Chapter 4 - Flow Modeling of Trickle Beds

Abstract

With the current level of understanding, it is more advantageous to use a hierarchy of models coupled with key experimental findings to achieve practical benefits. This chapter, therefore, discusses different modeling approaches, which allow better quantitative understanding of the processes occurring in trickle bed reactors. A “unit cell” approach, or considering an assembly of a few particles, is very useful for obtaining quantitative insights into the flow structures and transport processes occurring in packed beds. This approach can also be extended to gas-liquid flow through packed beds using VOF (volume of fluid) models.

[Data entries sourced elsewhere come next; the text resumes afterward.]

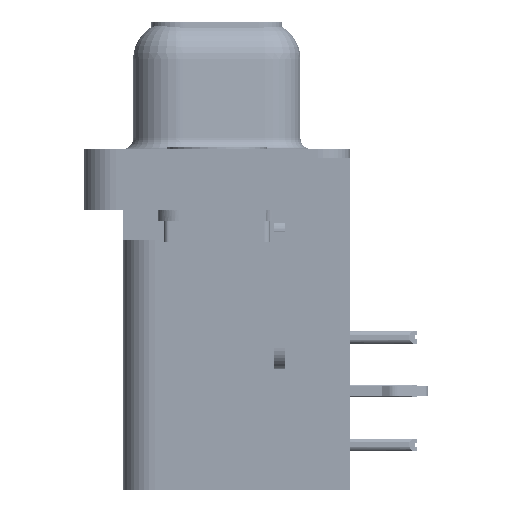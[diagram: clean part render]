
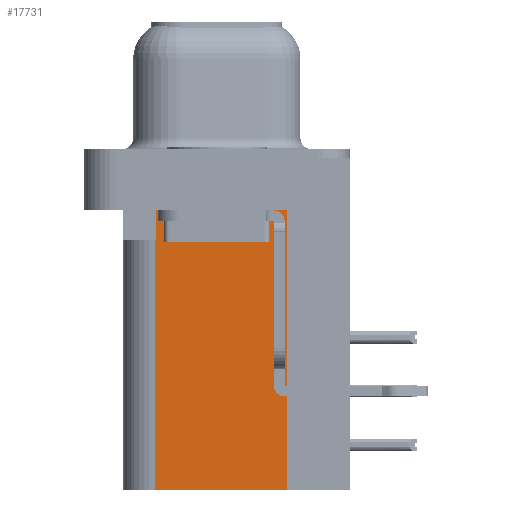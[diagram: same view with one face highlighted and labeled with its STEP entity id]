
A CAD part, left-side view. The second image highlights one B-rep face of the part: STEP entity #17731.
In plain terms, the highlighted planar face has unit normal (-1, 0, 0).
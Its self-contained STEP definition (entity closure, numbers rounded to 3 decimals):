
#712 = LINE ( 'NONE', #20837, #35151 ) ;
#966 = DIRECTION ( 'NONE',  ( 0., 1., 0. ) ) ;
#1644 = DIRECTION ( 'NONE',  ( 0., 1., 0. ) ) ;
#2072 = ORIENTED_EDGE ( 'NONE', *, *, #35105, .F. ) ;
#3760 = EDGE_CURVE ( 'NONE', #9130, #14639, #24919, .T. ) ;
#4531 = CARTESIAN_POINT ( 'NONE',  ( 3.7, 2.925, -15.7 ) ) ;
#6338 = VECTOR ( 'NONE', #24465, 1000. ) ;
#7890 = EDGE_CURVE ( 'NONE', #30133, #8109, #32465, .T. ) ;
#8109 = VERTEX_POINT ( 'NONE', #29521 ) ;
#8714 = DIRECTION ( 'NONE',  ( 0., 0., 1. ) ) ;
#9130 = VERTEX_POINT ( 'NONE', #16296 ) ;
#10951 = CARTESIAN_POINT ( 'NONE',  ( 3.7, 2.895, -3.9 ) ) ;
#12049 = CARTESIAN_POINT ( 'NONE',  ( 3.7, -3.295, -15.7 ) ) ;
#12662 = FACE_OUTER_BOUND ( 'NONE', #38566, .T. ) ;
#13905 = VERTEX_POINT ( 'NONE', #32497 ) ;
#14229 = CARTESIAN_POINT ( 'NONE',  ( 3.7, 2.925, -3.9 ) ) ;
#14360 = CARTESIAN_POINT ( 'NONE',  ( 3.7, 0., -3.9 ) ) ;
#14639 = VERTEX_POINT ( 'NONE', #14229 ) ;
#14773 = CARTESIAN_POINT ( 'NONE',  ( 3.7, -3.295, -15.7 ) ) ;
#15127 = LINE ( 'NONE', #14360, #6338 ) ;
#15596 = AXIS2_PLACEMENT_3D ( 'NONE', #14773, #38247, #18124 ) ;
#16240 = DIRECTION ( 'NONE',  ( 0., 0., 1. ) ) ;
#16296 = CARTESIAN_POINT ( 'NONE',  ( 3.7, 2.925, -15.7 ) ) ;
#17731 = ADVANCED_FACE ( 'NONE', ( #12662 ), #28178, .F. ) ;
#18124 = DIRECTION ( 'NONE',  ( 0., 1., 0. ) ) ;
#20517 = ORIENTED_EDGE ( 'NONE', *, *, #36129, .T. ) ;
#20581 = ORIENTED_EDGE ( 'NONE', *, *, #41477, .T. ) ;
#20837 = CARTESIAN_POINT ( 'NONE',  ( 3.7, -3.295, -15.7 ) ) ;
#24465 = DIRECTION ( 'NONE',  ( 0., 1., 0. ) ) ;
#24919 = LINE ( 'NONE', #4531, #41699 ) ;
#24957 = CARTESIAN_POINT ( 'NONE',  ( 3.7, -3.295, -2.5 ) ) ;
#27470 = ORIENTED_EDGE ( 'NONE', *, *, #3760, .F. ) ;
#28053 = LINE ( 'NONE', #10951, #36882 ) ;
#28178 = PLANE ( 'NONE',  #15596 ) ;
#29521 = CARTESIAN_POINT ( 'NONE',  ( 3.7, 2.895, -2.5 ) ) ;
#29599 = VERTEX_POINT ( 'NONE', #31297 ) ;
#30133 = VERTEX_POINT ( 'NONE', #41622 ) ;
#31005 = DIRECTION ( 'NONE',  ( 0., 0., -1. ) ) ;
#31240 = VECTOR ( 'NONE', #8714, 1000. ) ;
#31297 = CARTESIAN_POINT ( 'NONE',  ( 3.7, -3.295, -15.7 ) ) ;
#32280 = LINE ( 'NONE', #12049, #31240 ) ;
#32465 = LINE ( 'NONE', #24957, #40288 ) ;
#32497 = CARTESIAN_POINT ( 'NONE',  ( 3.7, 2.895, -3.9 ) ) ;
#35105 = EDGE_CURVE ( 'NONE', #29599, #9130, #712, .T. ) ;
#35151 = VECTOR ( 'NONE', #966, 1000. ) ;
#36129 = EDGE_CURVE ( 'NONE', #13905, #14639, #15127, .T. ) ;
#36882 = VECTOR ( 'NONE', #31005, 1000. ) ;
#38247 = DIRECTION ( 'NONE',  ( 1., 0., 0. ) ) ;
#38566 = EDGE_LOOP ( 'NONE', ( #40012, #20581, #20517, #27470, #2072, #39462 ) ) ;
#39462 = ORIENTED_EDGE ( 'NONE', *, *, #39575, .T. ) ;
#39575 = EDGE_CURVE ( 'NONE', #29599, #30133, #32280, .T. ) ;
#40012 = ORIENTED_EDGE ( 'NONE', *, *, #7890, .T. ) ;
#40288 = VECTOR ( 'NONE', #1644, 1000. ) ;
#41477 = EDGE_CURVE ( 'NONE', #8109, #13905, #28053, .T. ) ;
#41622 = CARTESIAN_POINT ( 'NONE',  ( 3.7, -3.295, -2.5 ) ) ;
#41699 = VECTOR ( 'NONE', #16240, 1000. ) ;

Information obtained from these models can be used for developing appropriate closures for macroscopic models. The Eulerian-Eulerian approach is recommended for the modeling of macroscale flow processes in fixed bed as well as trickle bed reactors. The realistic representation of the characteristics of the fixed bed (porosity distribution, degree of anisotropy, and so on) is crucial for carrying out simulations for engineering applications. Most of the current work relies on empirical information and pressure drop data to calibrate computational flow models of fixed and trickle bed reactors. Such calibrated computational flow models will be useful for understanding issues related to maldistribution, channeling, formation of hot spots, etc. To realize process intensification and performance enhancement, accurate knowledge of the underlying flowfield in chemical reactors is essential.